I'm trying to wire up a couple of small computer fans to help cool my motorhome 'fridge.
The switch I am hoping to use has a blue LED light incorporated in it which I understand has to be wired in the correct polarity, my problem is so do the fans!!
If I wire the switch so that the fans come on the light doesn't and vice versa.
The switch has three terminals marked earth, A and +ive.
I think I've tried every permutation (including blowing a couple of fuses)

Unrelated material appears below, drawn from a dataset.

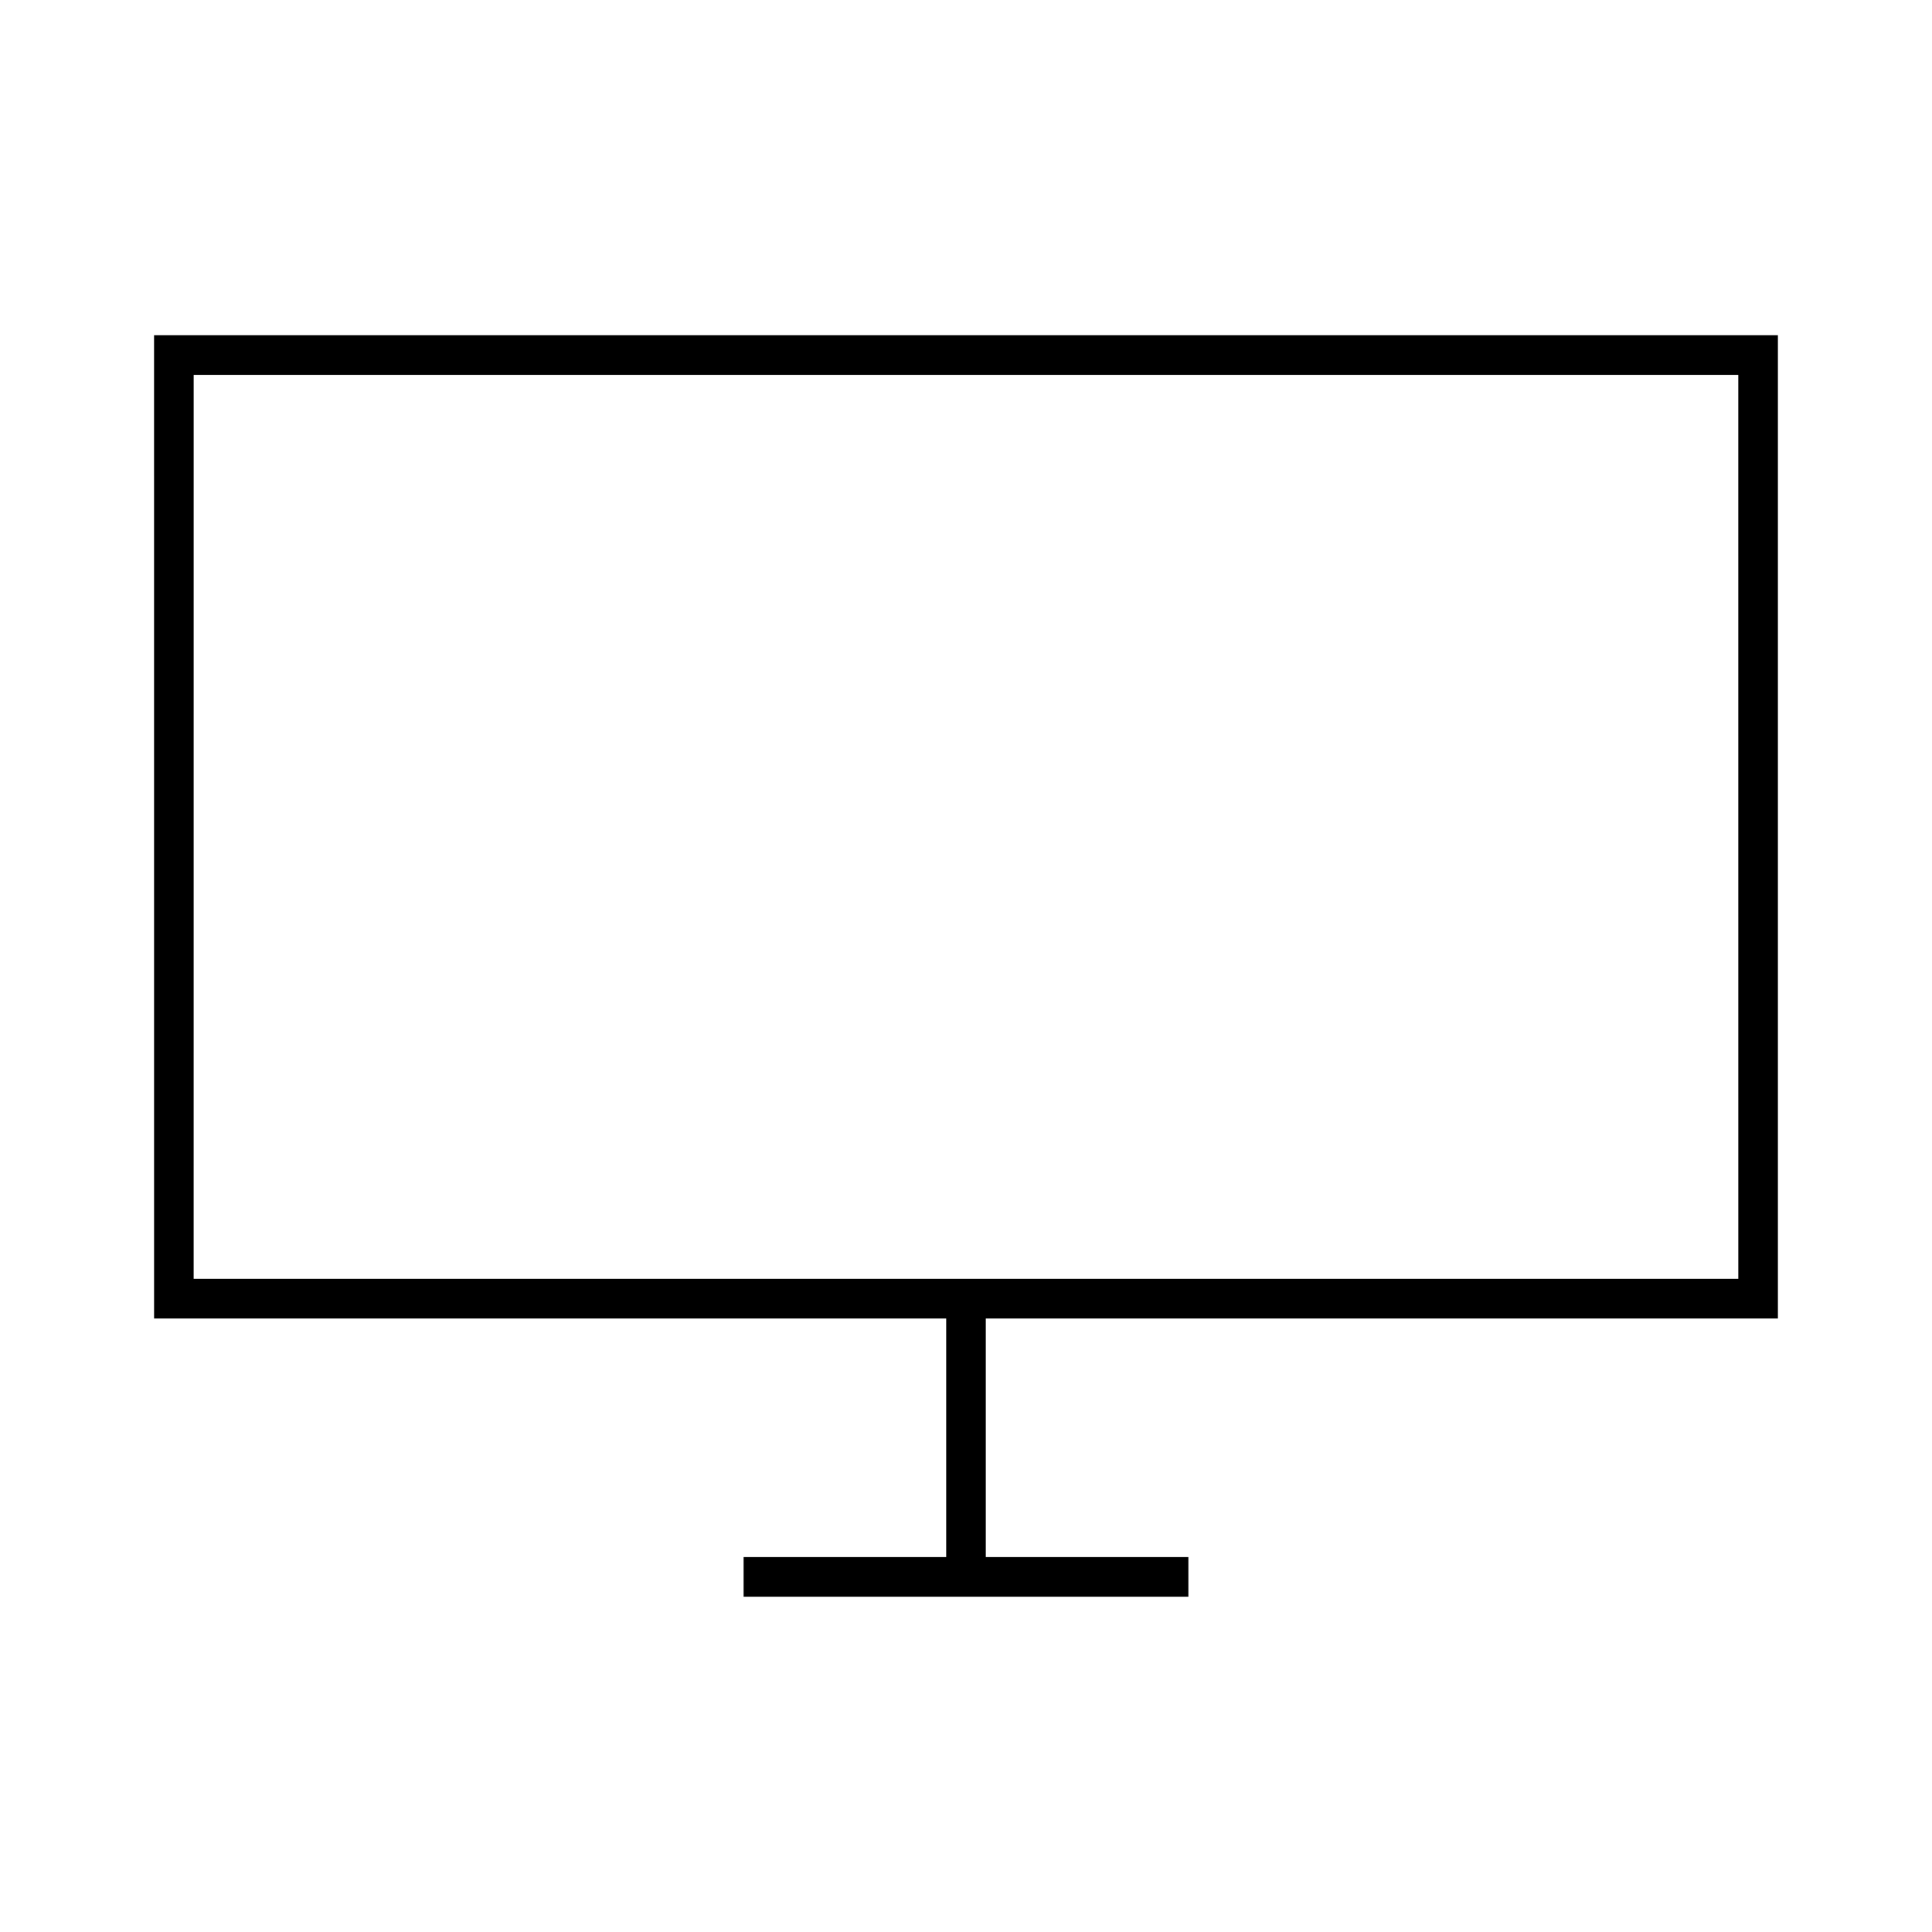 <?xml version="1.0" encoding="UTF-8"?>
<!-- The Best Svg Icon site in the world: iconSvg.co, Visit us! https://iconsvg.co -->
<svg fill="#000000" width="800px" height="800px" version="1.1" viewBox="144 144 512 512" xmlns="http://www.w3.org/2000/svg">
 <path d="m184.83 493.41h209.92v63.238h-53.688v10.496h117.87v-10.496h-53.688v-63.238h209.92v-260.57h-430.34zm10.496-250.07h409.34l0.004 239.57h-409.35z"/>
</svg>

If anyone out there can help with this it would be much appreciated.

Rgds Mel.


----------



## Techno100 (May 8, 2010)

The fans will just run backwards if polarity is reversed

I imagine +ve is the feed A perhaps for Accessory? "load" and earth -ve

My fans, Ive since removed the centre one or it would take off :lol:


----------



## radar100 (Sep 8, 2010)

Hi Mel, based on your description of the terminals I would say that +ve would be the 12v supply, A would be the switched output to the fan positive, and earth would be just that, the 12v negative and that the fan negative could also be connecte via this.

Hope this helps

Radar


----------



## Techno100 (May 8, 2010)

:lol:


----------



## sideways (Jun 2, 2008)

Your live feed will go to the positive on the switch , A will go to the positive on the fans the negatives of the fans go to earth and the the earth on the switch goes to Earth, if you get the fan polarity wrong they will suck instead of blowing, The switch will need to be earthed for the light to work although the fans will work without the switch being earthed,


----------



## Techno100 (May 8, 2010)

Yes what he said :lol:


----------



## jonse (Nov 2, 2008)

*Fans*

Didn't think it got that hot in UK to need them Ha Ha :lol:


----------



## Baron1 (Mar 9, 2011)

I have tried reversing the polarity to the fans and they don't run, this is, I think, the problem.
Mel.


----------



## Techno100 (May 8, 2010)

I think you have your wires crossed on the A and the +ve.
The LED should only come on when the fans run.
Were you careful to get 12 volt fans? some PC fans are 5volts


----------